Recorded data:
----

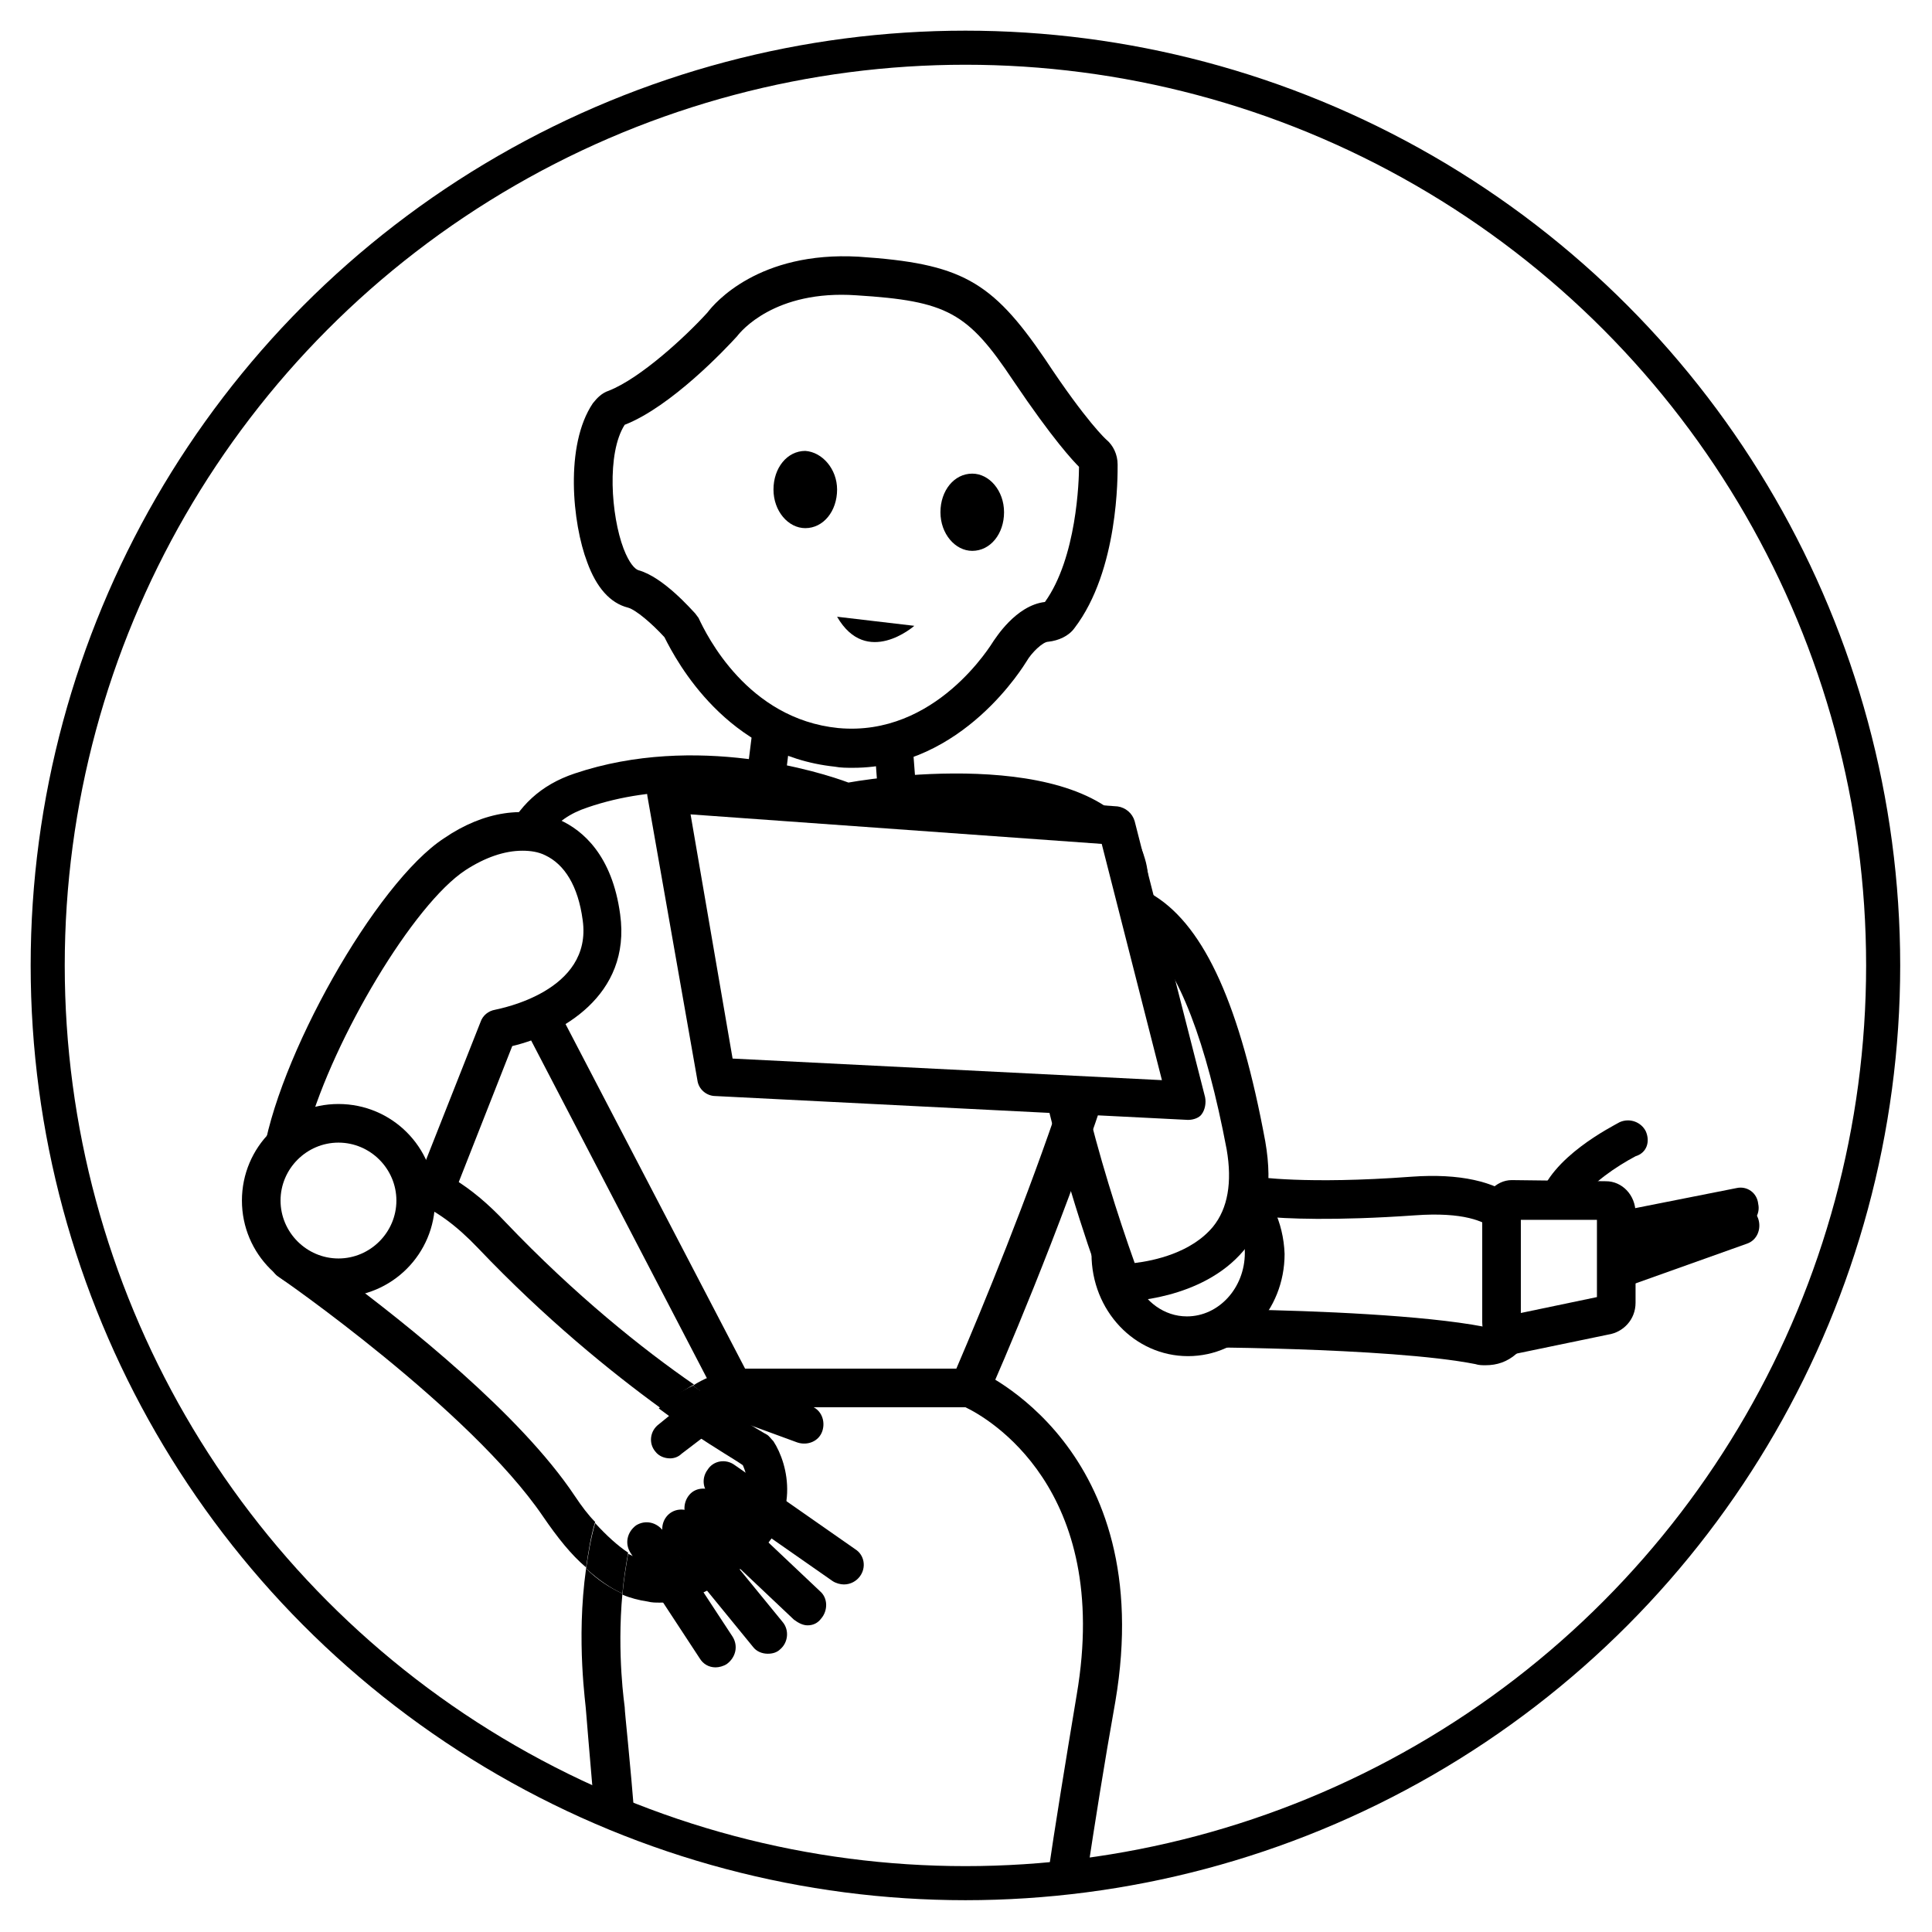 <?xml version="1.0" encoding="utf-8"?>
<!-- Generator: Adobe Illustrator 21.1.0, SVG Export Plug-In . SVG Version: 6.00 Build 0)  -->
<svg version="1.1" id="Ebene_1" xmlns="http://www.w3.org/2000/svg" xmlns:xlink="http://www.w3.org/1999/xlink" x="0px" y="0px"
	 viewBox="0 0 170.1 170.1" style="enable-background:new 0 0 170.1 170.1;" xml:space="preserve">
<style type="text/css">
	.st0{fill:none;stroke:#000000;stroke-width:3;stroke-miterlimit:10;}
	.st1{fill:none;}
</style>
<circle class="st0" cx="85" cy="85" r="80.8"/>
<path d="M141.4,107.4L141.4,107.4L141.4,107.4z M141.4,114.1L141.4,114.1L141.4,114.1z M133.9,107.4v8.2l6.7-1.4v-6.8L133.9,107.4z
	 M133.1,119.2c-1.4,0-2.6-1.2-2.6-2.8v-9.7c0-1.5,1.2-2.8,2.6-2.8l8.3,0.1c1.4,0,2.6,1.2,2.6,2.8v7.9c0,1.5-1.1,2.6-2.4,2.8
	l-8.2,1.7C133.4,119.2,133.2,119.2,133.1,119.2"/>
<path d="M109.9,103.5c0,1.7-0.3,3.1-0.9,4.2c0.4,0.8,0.6,1.7,0.6,2.6c0,3.1-2.3,5.6-5.1,5.6c-2,0-3.7-1.3-4.5-3.1
	c-0.8,0.1-1.3,0.1-1.3,0.1s-0.9-2.4-2-5.9c-0.4,1-0.6,2.2-0.6,3.4c0,5,3.8,9,8.5,9c4.7,0,8.5-4,8.5-9
	C113,107.6,111.8,105.1,109.9,103.5"/>
<path d="M54.6,80.5c-0.7-5.2-3.3-7.4-5.3-8.3c-3-1.3-6.7-0.8-10.2,1.6c-6,3.9-14.8,19.5-16,28.3c-0.1,1.1-0.1,1.9,0.1,2.6
	c0.4-2.3,1.9-4.3,3.9-5.2c2.3-8.1,9.3-19.9,13.9-22.9c1.7-1.1,3.4-1.7,5-1.7c0.7,0,1.4,0.1,2,0.4c1.7,0.8,2.9,2.7,3.3,5.7
	c0.9,6.3-7.3,7.8-7.7,7.9C43,89,42.5,89.4,42.3,90l-4.9,12.4c-0.4,0.2-0.9,0.4-1.4,0.6c0.4,0.8,0.6,1.7,0.6,2.7c0,0.3,0,0.5-0.1,0.7
	c1.4-0.5,2.4-1,2.9-1.2c0.4-0.2,0.7-0.5,0.9-0.9l4.8-12.2C49.3,91.1,55.6,87.7,54.6,80.5"/>
<path d="M29.8,100.6c-2.8,0-5.1,2.3-5.1,5.1c0,2.8,2.3,5.1,5.1,5.1c2.8,0,5.1-2.3,5.1-5.1C34.9,102.9,32.6,100.6,29.8,100.6
	 M29.8,114.2c-4.7,0-8.5-3.8-8.5-8.5c0-4.7,3.8-8.5,8.5-8.5c4.7,0,8.5,3.8,8.5,8.5C38.3,110.4,34.5,114.2,29.8,114.2"/>
<path d="M64.5,93.2l37.8,1.9L97,74.3l-36.2-2.6L64.5,93.2z M104.6,98.6C104.5,98.6,104.5,98.6,104.6,98.6L63,96.5
	c-0.8,0-1.5-0.6-1.6-1.4l-4.4-25c-0.1-0.5,0.1-1,0.4-1.4c0.4-0.4,0.8-0.6,1.4-0.6L98.4,71c0.7,0.1,1.3,0.6,1.5,1.3l6.2,24.3
	c0.1,0.5,0,1.1-0.3,1.5C105.6,98.4,105.1,98.6,104.6,98.6"/>
<path d="M63,146.8c-0.6,0-1.1-0.3-1.4-0.8l-6.1-9.3c-0.5-0.8-0.3-1.8,0.5-2.4c0.8-0.5,1.8-0.3,2.4,0.5l6.1,9.3
	c0.5,0.8,0.3,1.8-0.5,2.4C63.7,146.7,63.3,146.8,63,146.8"/>
<path d="M67.6,145.6c-0.5,0-1-0.2-1.3-0.6l-7.6-9.3c-0.6-0.7-0.5-1.8,0.2-2.4c0.7-0.6,1.8-0.5,2.4,0.2l7.6,9.3
	c0.6,0.7,0.5,1.8-0.2,2.4C68.4,145.5,68,145.6,67.6,145.6"/>
<path d="M71.1,143.1c-0.4,0-0.8-0.2-1.2-0.5l-9.1-8.6c-0.7-0.6-0.7-1.7-0.1-2.4c0.6-0.7,1.7-0.7,2.4-0.1l9.1,8.6
	c0.7,0.6,0.7,1.7,0.1,2.4C72,142.9,71.6,143.1,71.1,143.1"/>
<path d="M74.3,139.5c-0.3,0-0.7-0.1-1-0.3l-10.6-7.4c-0.8-0.5-1-1.6-0.4-2.4c0.5-0.8,1.6-1,2.4-0.4l10.6,7.4c0.8,0.5,1,1.6,0.4,2.4
	C75.4,139.2,74.9,139.5,74.3,139.5"/>
<path d="M59,128.4c-0.5,0-1-0.2-1.3-0.6c-0.6-0.7-0.5-1.8,0.3-2.4l4.8-3.9c0.5-0.4,1.1-0.5,1.7-0.3l6.9,2.6c0.9,0.3,1.3,1.3,1,2.2
	c-0.3,0.9-1.3,1.3-2.2,1l-6-2.2L60,128C59.7,128.3,59.3,128.4,59,128.4"/>
<path d="M54.9,37.5L54.9,37.5L54.9,37.5z M95.1,41.2L95.1,41.2C95.1,41.2,95.1,41.2,95.1,41.2 M92.2,53L92.2,53L92.2,53z M55,37.4
	c-1.6,2.5-1.2,8-0.1,10.9c0.5,1.3,1,1.8,1.3,1.9c2.2,0.6,4.7,3.5,5,3.8l0.3,0.4c0.7,1.5,4.3,8.9,12.3,9.7c8.6,0.8,13.5-7.4,13.7-7.7
	c0.1-0.1,1.9-3.1,4.5-3.4c2.8-3.9,3-10.7,3-11.9c-0.5-0.5-2.3-2.4-5.8-7.6c-4-6-5.8-7-13.8-7.5c-7.2-0.5-10.2,3.2-10.5,3.6
	C63.9,30.7,59.1,35.8,55,37.4 M75.1,67.6c-0.5,0-1.1,0-1.6-0.1c-9.5-1-13.9-9.2-15-11.4c-1.1-1.2-2.5-2.4-3.2-2.6
	c-1.6-0.4-2.8-1.8-3.6-4c-1.3-3.4-2-10.3,0.5-14c0.4-0.5,0.8-0.9,1.4-1.1c2.8-1.1,6.8-4.8,8.7-6.9c0.6-0.8,4.5-5.4,13.3-4.9
	c9,0.6,11.7,2.1,16.4,9c3.7,5.6,5.4,7.1,5.4,7.1c0.6,0.5,1,1.3,1,2.2c0,0.9,0.1,9.3-3.8,14.4c-0.5,0.7-1.4,1.1-2.3,1.2
	c-0.5,0-1.5,1-1.9,1.7C90.2,58.5,84.8,67.6,75.1,67.6"/>
<path d="M73.7,43.1c0,1.9-1.2,3.4-2.8,3.4c-1.5,0-2.8-1.5-2.8-3.4c0-1.9,1.2-3.4,2.8-3.4C72.4,39.8,73.7,41.3,73.7,43.1"/>
<path d="M88.4,45.1c0,1.9-1.2,3.4-2.8,3.4c-1.5,0-2.8-1.5-2.8-3.4c0-1.9,1.2-3.4,2.8-3.4C87.1,41.7,88.4,43.2,88.4,45.1"/>
<path d="M73.7,54.3l6.8,0.8C80.5,55.1,76.3,58.8,73.7,54.3"/>
<path d="M154.8,107.3c-0.3-0.9-1.3-1.3-2.2-1l-10.3,3.7v3.6l11.5-4.1C154.7,109.2,155.1,108.2,154.8,107.3"/>
<path d="M152.9,104.6l-10.6,2.1c0,0,0,0.1,0,0.1v3.4l11.2-2.2c0.9-0.2,1.5-1.1,1.3-2C154.7,105,153.8,104.4,152.9,104.6"/>
<path d="M133.1,117.5c-0.5,0-0.9-0.5-0.9-1.1v-2c-0.2,1-0.5,1.9-0.9,2.3c-0.1,0.1-0.2,0.2-0.7,0.1c-5.2-1-14.8-1.4-21.1-1.5
	c-1.2,1.4-3,2.4-5,2.4c-0.9,0-1.8-0.2-2.6-0.6c0,0.2,0.1,0.5,0.2,0.7c0.3,0.5,0.9,0.8,1.5,0.8h0c0.2,0,18.7,0,26.3,1.5
	c0.3,0.1,0.6,0.1,0.9,0.1c1,0,1.9-0.3,2.7-1c0.6-0.6,1.1-1.3,1.4-2.1L133.1,117.5z"/>
<path d="M111.2,107.1c1.9,0.2,6.3,0.4,13.4-0.1c4.2-0.3,6.1,0.5,7,1.3c0.3,0.3,0.5,0.5,0.6,0.8v-2.4c0-0.6,0.4-1.1,0.9-1.1l0.5,0
	c-2-1.6-5.1-2.3-9.3-2c-9.4,0.7-13.7,0-13.8,0c-0.7-0.1-1.4,0.2-1.8,0.8l-0.1,0.2c1,0.8,1.7,1.9,2.2,3.1L111.2,107.1z"/>
<path d="M144.9,99.6c-0.4-0.8-1.4-1.2-2.3-0.8c-0.7,0.4-6.1,3.1-7.1,6.8l3.7,0c0.9-1.4,3.1-2.9,4.8-3.8
	C145,101.5,145.3,100.5,144.9,99.6"/>
<path d="M111.4,100.5c-2.2-11.9-5.3-18.8-9.7-21.6c-0.6-0.4-1.3-0.7-2-0.9l1.2,4.7c2.9,2.8,5.3,9,7.1,18.5c0.5,2.9,0.1,5.2-1.2,6.8
	c-1.9,2.3-5.2,3-6.9,3.2c-1.5-4.2-3.2-9.6-4.4-14.7L92,96.3c1.8,7.9,4.6,15.8,5.2,17.2c0.3,0.7,0.9,1.1,1.6,1.1
	c0.3,0,7-0.1,10.7-4.5C111.5,107.7,112.1,104.5,111.4,100.5"/>
<path d="M48.2,73.6c0.8-1.2,2-2,3.5-2.5c6.1-2.1,12.5-1.5,16.9-0.5l12.8,0.9c3.5-0.2,7.4,0,10.5,0.8l6.4,0.5l2.5,9.6
	c0.4-2.8,0.5-5.2,0-6.8c-2.8-9.9-22.2-7.4-26.1-6.7c-2.4-0.9-13.4-4.4-24.1-0.8c-3,1-5,2.9-6.2,5.6C45.7,73.1,47,73.2,48.2,73.6"/>
<path d="M93.5,96.4c-3,9-6.9,18.5-9.3,24.1H65.6L49.5,89.6c0,0-0.2-0.4-0.4-1c-1.1,0.7-2.2,1.1-3.1,1.4c0.3,0.6,0.5,1,0.5,1.1
	L63.1,123c0.3,0.6,0.9,0.9,1.5,0.9h20.8c0.7,0,1.3-0.4,1.6-1c1-2.2,6.3-14.5,10.2-26.3L93.5,96.4z"/>
<path d="M77,65.8l0.4,5.4l3.4,0.2l-0.5-6.5C79.3,65.3,78.2,65.6,77,65.8"/>
<path d="M66.4,63.1l-0.9,7.2l3.4,0.2l0.7-5.7C68.4,64.4,67.3,63.8,66.4,63.1"/>
<g>
	<path class="st1" d="M55.4,136.7c0.7,0.5,1.5,0.7,2.2,0.8c2.3,0.3,4.5-1.3,6.6-3c2.6-2.2,1.7-4.7,1.3-5.6c-0.7-0.4-2.3-1.4-4.5-2.9
		C57.8,128.7,56.2,132.7,55.4,136.7z"/>
	<path d="M44.5,107.6c-3-3.2-6-5-8.9-5.5c0.7,1,1.1,2.3,1.1,3.6c0,0.1,0,0.1,0,0.2c1.7,0.7,3.5,2,5.4,4c5.9,6.2,11.7,10.9,16.1,14.1
		c0.9-0.8,1.8-1.5,2.9-2.1C56.6,118.8,50.6,114,44.5,107.6z"/>
	<path d="M50.6,131.7c-4.8-7.2-14.9-15.2-20.4-19.3c-0.1,0-0.3,0-0.4,0c-2.3,0-4.3-1.1-5.5-2.9c-0.2,0.5-0.4,0.8-0.4,0.9
		c-0.3,0.7,0,1.6,0.6,2c0.2,0.1,16.9,11.7,23.3,21.1c1.3,1.9,2.5,3.4,3.8,4.5c0.2-1.3,0.4-2.7,0.8-4
		C51.8,133.4,51.2,132.6,50.6,131.7z"/>
	<path d="M65.4,129c0.4,0.9,1.2,3.4-1.3,5.6c-2.1,1.7-4.3,3.3-6.6,3c-0.7-0.1-1.4-0.4-2.2-0.8c-0.2,1.2-0.4,2.4-0.5,3.6
		c0.7,0.3,1.5,0.5,2.2,0.6c0.4,0.1,0.7,0.1,1.1,0.1c3.2,0,5.9-1.9,8.2-3.9c4.3-3.6,3.1-8.3,1.8-10.3c-0.2-0.2-0.4-0.5-0.6-0.6
		c0,0-1.3-0.7-3.3-2.1c-1.2,0.5-2.3,1.2-3.3,1.9C63.1,127.6,64.7,128.5,65.4,129z"/>
	<path d="M51.6,150.7c0,0.1,0.3,3.6,0.7,8.3c1.2,0.5,2.4,1,3.6,1.5c-0.4-5.4-0.9-9.7-0.9-10.2c0-0.1-0.7-4.6-0.2-10
		c-1.1-0.5-2.2-1.2-3.2-2.2C50.7,144.5,51.6,150.2,51.6,150.7z"/>
	<path d="M86,120.6c-0.2-0.1-0.4-0.1-0.6-0.1H64.6c-0.2,0-0.4,0-0.5,0.1c-1.1,0.4-2.2,0.8-3.1,1.4c1.2,0.9,2.3,1.6,3.2,2.2
		c0.2-0.1,0.4-0.2,0.7-0.3H85c1.9,0.9,12.9,7.1,9.8,25.3c-1,6-1.9,11.5-2.6,16.3c1.2-0.1,2.3-0.2,3.5-0.4c0.7-4.6,1.5-9.7,2.5-15.3
		C102,127.4,86.2,120.7,86,120.6z"/>
	<path d="M58,124c1.1,0.8,2,1.5,2.9,2.1c0.9-0.8,2-1.4,3.3-1.9c-0.9-0.6-2-1.4-3.2-2.2C59.9,122.5,58.9,123.2,58,124z"/>
	<path d="M52.4,134.1c-0.4,1.4-0.6,2.7-0.8,4c1.1,1,2.1,1.7,3.2,2.2c0.1-1.2,0.3-2.4,0.5-3.6C54.4,136.1,53.4,135.2,52.4,134.1z"/>
</g>
</svg>

----

▶ What is being asked
Which lines of the data contain "class"? Copy them all.

▶ Final answer
<circle class="st0" cx="85" cy="85" r="80.8"/>
	<path class="st1" d="M55.4,136.7c0.7,0.5,1.5,0.7,2.2,0.8c2.3,0.3,4.5-1.3,6.6-3c2.6-2.2,1.7-4.7,1.3-5.6c-0.7-0.4-2.3-1.4-4.5-2.9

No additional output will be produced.